## EXERCISE INSTRUCTIONS
From the records below, transcribe only the lines running from the one with "53.5C86.001 53.5 78.502" through the one with "132C86.001 132 78.502". Keep both of those end lines.

## SUPPLIED RECORDS
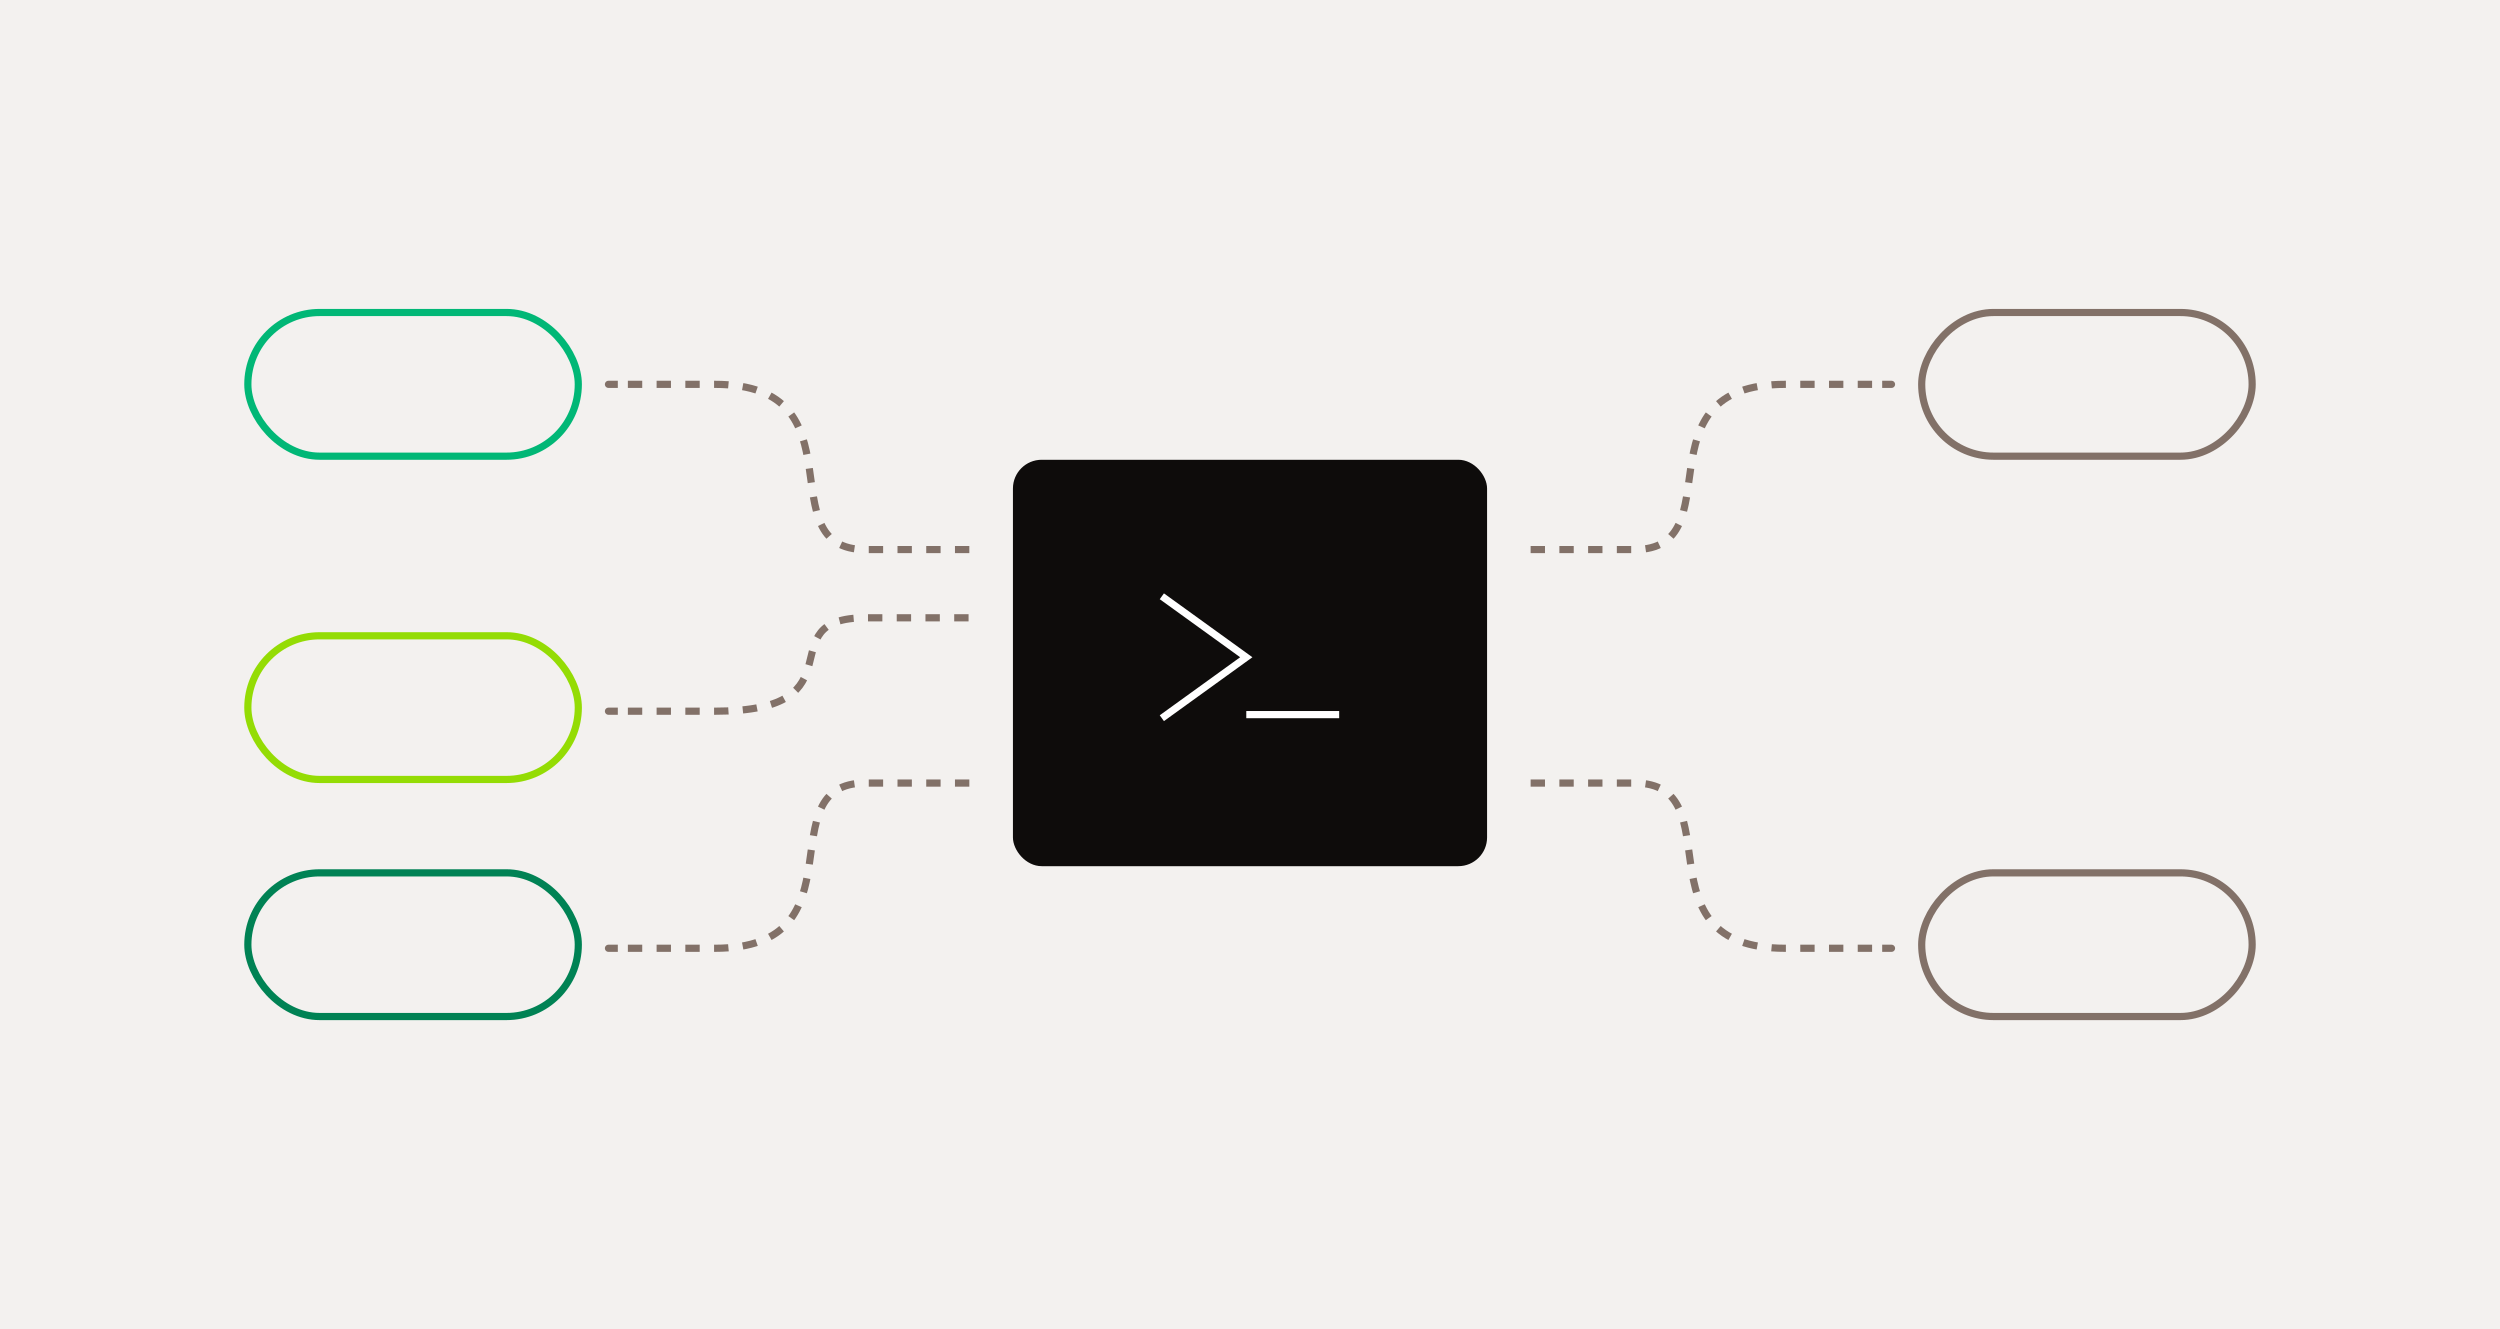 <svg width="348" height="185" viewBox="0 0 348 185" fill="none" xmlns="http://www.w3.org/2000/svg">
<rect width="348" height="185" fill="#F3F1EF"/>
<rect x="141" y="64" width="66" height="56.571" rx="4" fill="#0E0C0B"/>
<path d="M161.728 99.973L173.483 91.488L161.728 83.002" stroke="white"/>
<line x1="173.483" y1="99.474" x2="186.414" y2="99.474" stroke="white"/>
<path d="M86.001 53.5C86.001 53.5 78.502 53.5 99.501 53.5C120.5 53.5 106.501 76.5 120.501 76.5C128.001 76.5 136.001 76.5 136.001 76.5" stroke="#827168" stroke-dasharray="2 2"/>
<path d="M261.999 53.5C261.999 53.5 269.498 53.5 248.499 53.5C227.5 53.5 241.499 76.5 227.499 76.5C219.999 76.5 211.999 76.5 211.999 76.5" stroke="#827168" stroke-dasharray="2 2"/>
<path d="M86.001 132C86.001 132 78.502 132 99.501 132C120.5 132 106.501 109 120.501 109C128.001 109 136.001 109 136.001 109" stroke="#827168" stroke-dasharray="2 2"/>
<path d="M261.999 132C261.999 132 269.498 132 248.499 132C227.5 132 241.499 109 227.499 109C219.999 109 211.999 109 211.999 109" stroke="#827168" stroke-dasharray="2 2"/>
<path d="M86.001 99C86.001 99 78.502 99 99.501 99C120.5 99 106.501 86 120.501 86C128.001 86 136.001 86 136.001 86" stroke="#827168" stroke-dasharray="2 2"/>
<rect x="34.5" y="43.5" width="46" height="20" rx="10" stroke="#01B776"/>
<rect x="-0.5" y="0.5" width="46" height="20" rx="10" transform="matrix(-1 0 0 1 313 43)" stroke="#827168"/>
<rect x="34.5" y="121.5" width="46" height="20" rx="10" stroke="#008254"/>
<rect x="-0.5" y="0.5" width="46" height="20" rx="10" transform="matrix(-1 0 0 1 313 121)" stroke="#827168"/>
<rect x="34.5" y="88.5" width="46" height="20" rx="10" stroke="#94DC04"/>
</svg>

## RESULT OF THIS TASK
<path d="M86.001 53.5C86.001 53.5 78.502 53.5 99.501 53.5C120.5 53.5 106.501 76.5 120.501 76.5C128.001 76.5 136.001 76.5 136.001 76.5" stroke="#827168" stroke-dasharray="2 2"/>
<path d="M261.999 53.5C261.999 53.5 269.498 53.5 248.499 53.5C227.5 53.5 241.499 76.5 227.499 76.5C219.999 76.5 211.999 76.5 211.999 76.5" stroke="#827168" stroke-dasharray="2 2"/>
<path d="M86.001 132C86.001 132 78.502 132 99.501 132C120.5 132 106.501 109 120.501 109C128.001 109 136.001 109 136.001 109" stroke="#827168" stroke-dasharray="2 2"/>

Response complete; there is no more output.